In the copy, keep every record exact and leave out all images.
┌──
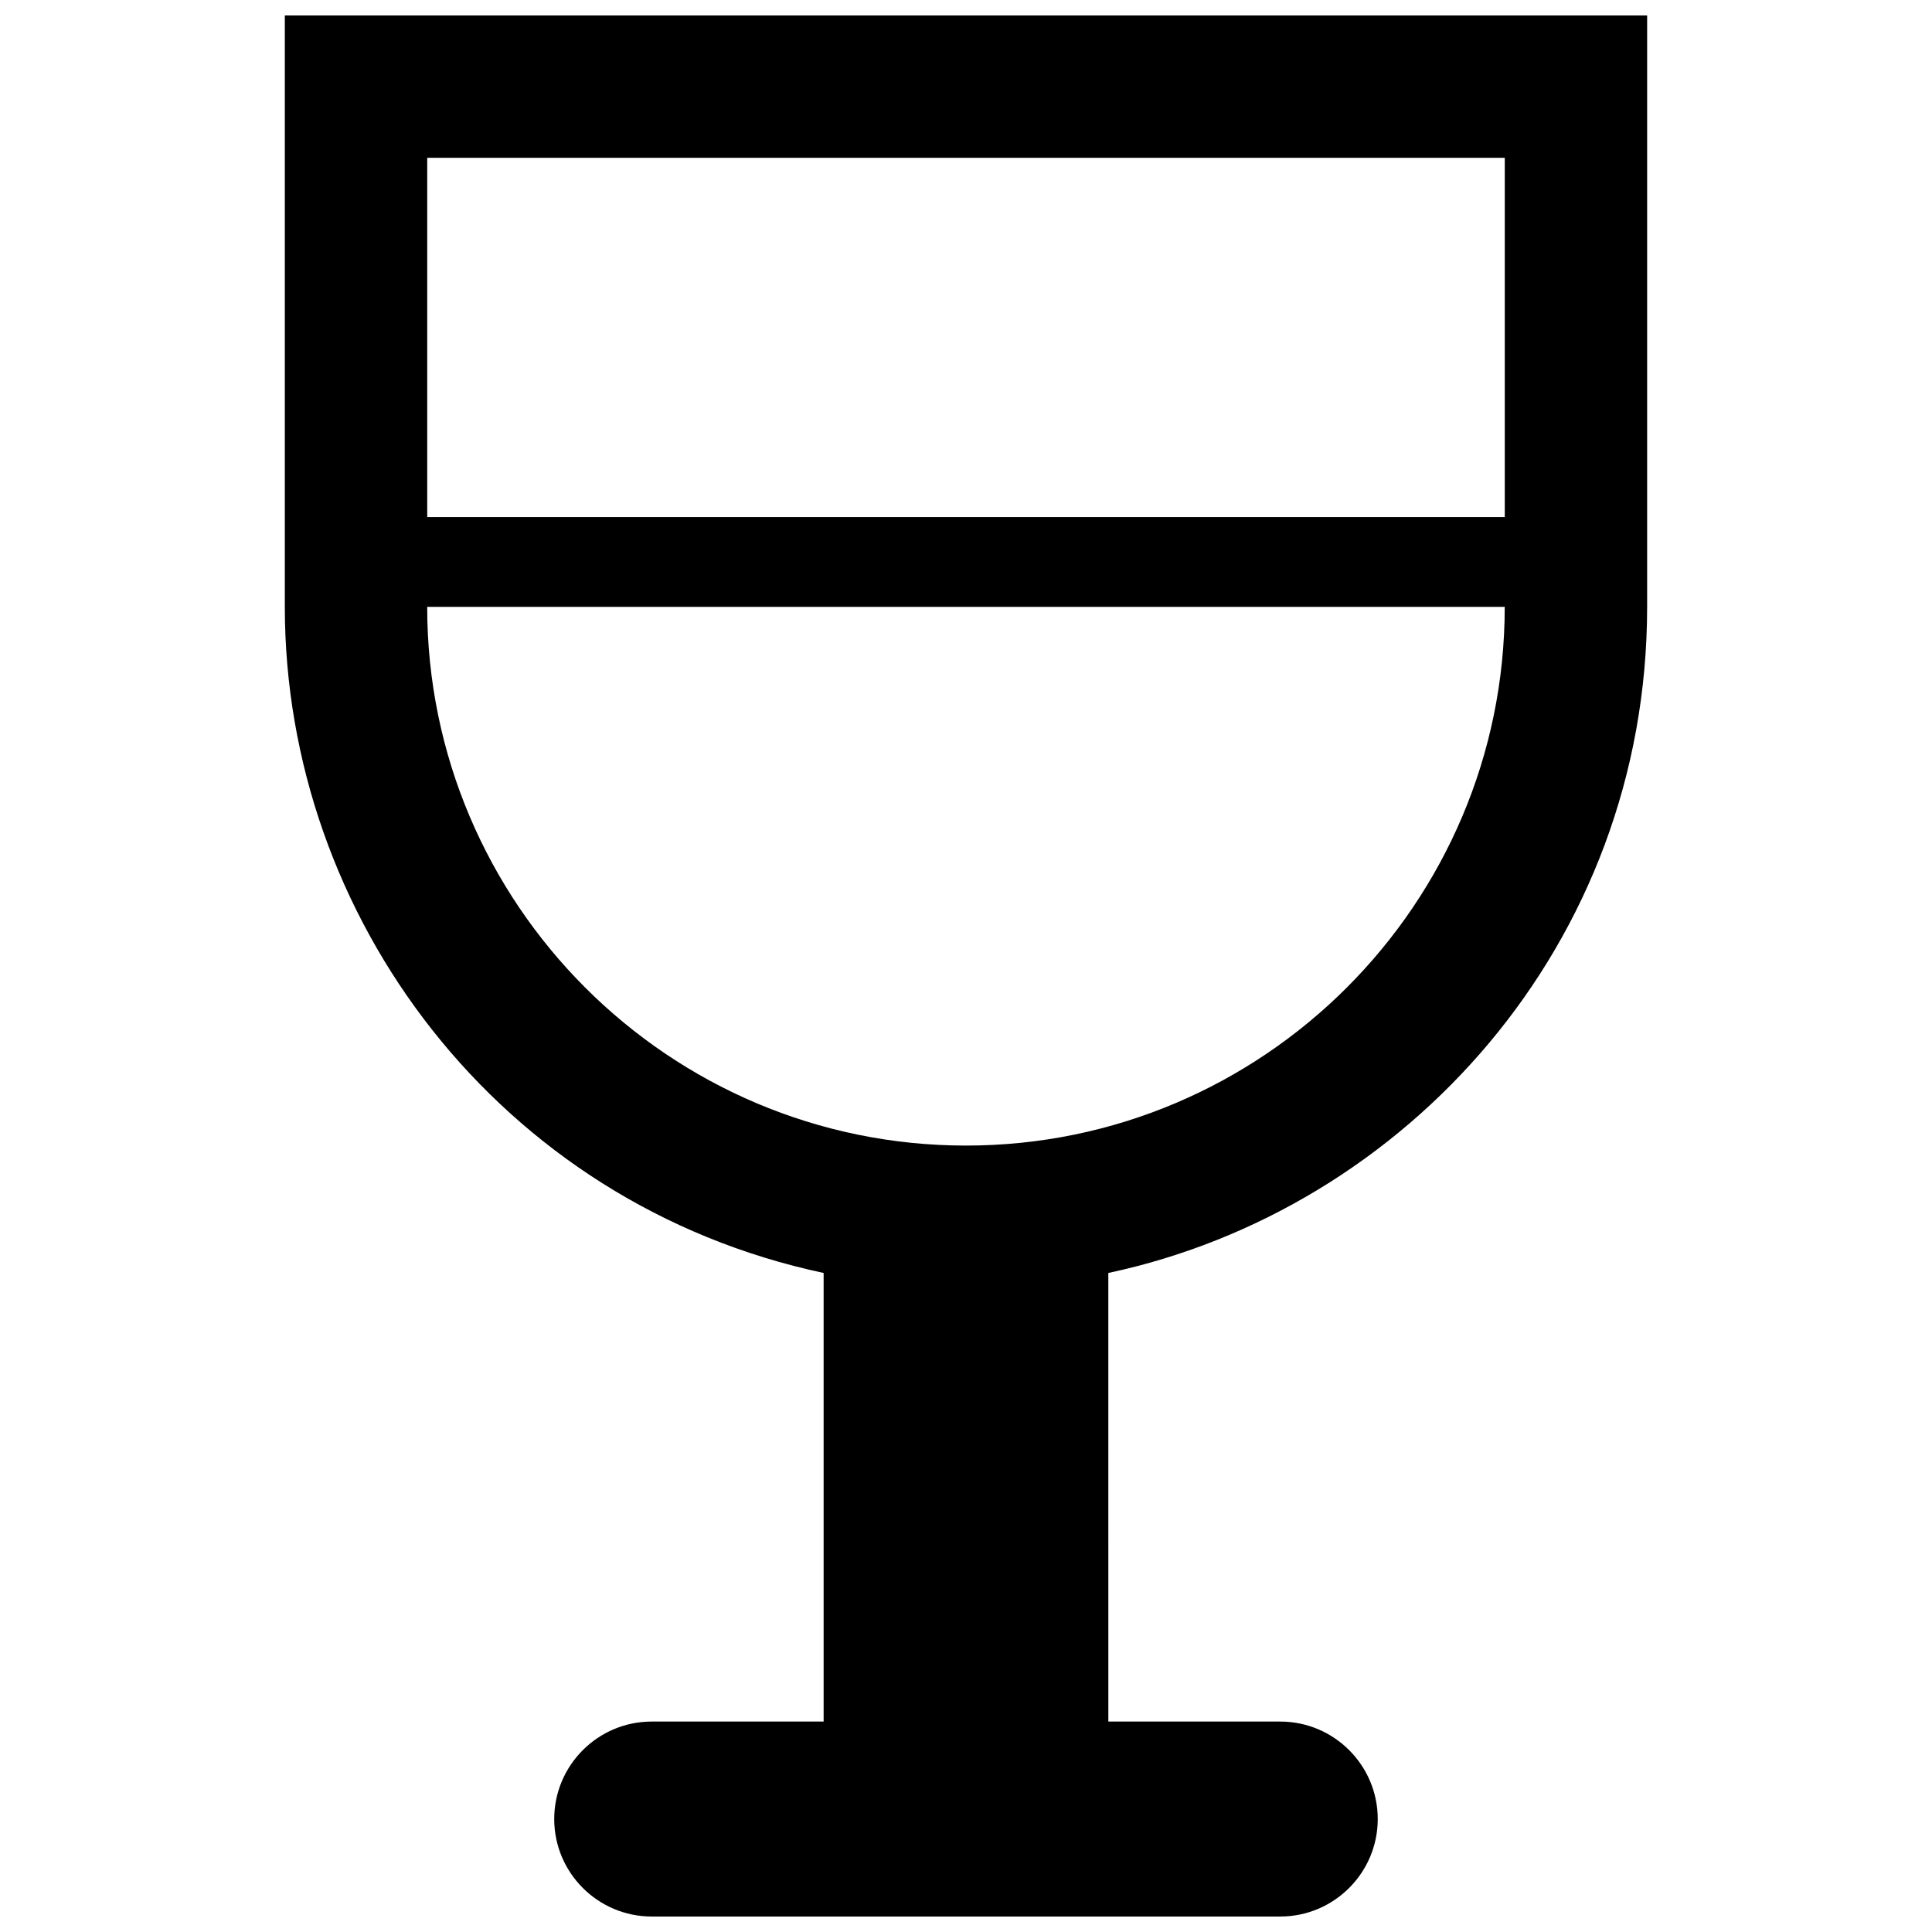 <?xml version="1.0" encoding="UTF-8"?>
<!-- Uploaded to: SVG Repo, www.svgrepo.com, Generator: SVG Repo Mixer Tools -->
<svg width="800px" height="800px" version="1.1" viewBox="144 144 512 512" xmlns="http://www.w3.org/2000/svg">
 <defs>
  <clipPath id="a">
   <path d="m219 148.09h362v503.81h-362z"/>
  </clipPath>
 </defs>
 <g clip-path="url(#a)">
  <path d="m219.48 148.09v156.71c0 82.168 56.73 158.21 142.79 176.55v118.88h-45.559c-14.246 0-25.836 11.586-25.836 25.836 0 14.242 11.586 25.832 25.836 25.832h166.57c14.246 0 25.836-11.586 25.836-25.832 0-14.246-11.586-25.836-25.836-25.836h-45.559l-0.004-118.88c78.707-16.777 142.79-86.906 142.79-176.55v-156.71zm180.52 299.5c-78.73 0-142.77-64.039-142.79-142.77h285.56c0 78.73-64.047 142.77-142.78 142.77zm142.78-166.57h-285.56v-95.199h285.56z"/>
 </g>
</svg>
└──
#### ANSWER SPACE:
 <?xml version="1.0" encoding="UTF-8"?>
<!-- Uploaded to: SVG Repo, www.svgrepo.com, Generator: SVG Repo Mixer Tools -->
<svg width="800px" height="800px" version="1.1" viewBox="144 144 512 512" xmlns="http://www.w3.org/2000/svg">
 <defs>
  <clipPath id="a">
   <path d="m219 148.09h362v503.81h-362z"/>
  </clipPath>
 </defs>
 <g clip-path="url(#a)">
  <path d="m219.48 148.09v156.71c0 82.168 56.73 158.21 142.79 176.55v118.88h-45.559c-14.246 0-25.836 11.586-25.836 25.836 0 14.242 11.586 25.832 25.836 25.832h166.57c14.246 0 25.836-11.586 25.836-25.832 0-14.246-11.586-25.836-25.836-25.836h-45.559l-0.004-118.88c78.707-16.777 142.79-86.906 142.79-176.55v-156.71zm180.52 299.5c-78.73 0-142.77-64.039-142.79-142.77h285.56c0 78.73-64.047 142.77-142.78 142.77zm142.78-166.57h-285.56v-95.199h285.56z"/>
 </g>
</svg>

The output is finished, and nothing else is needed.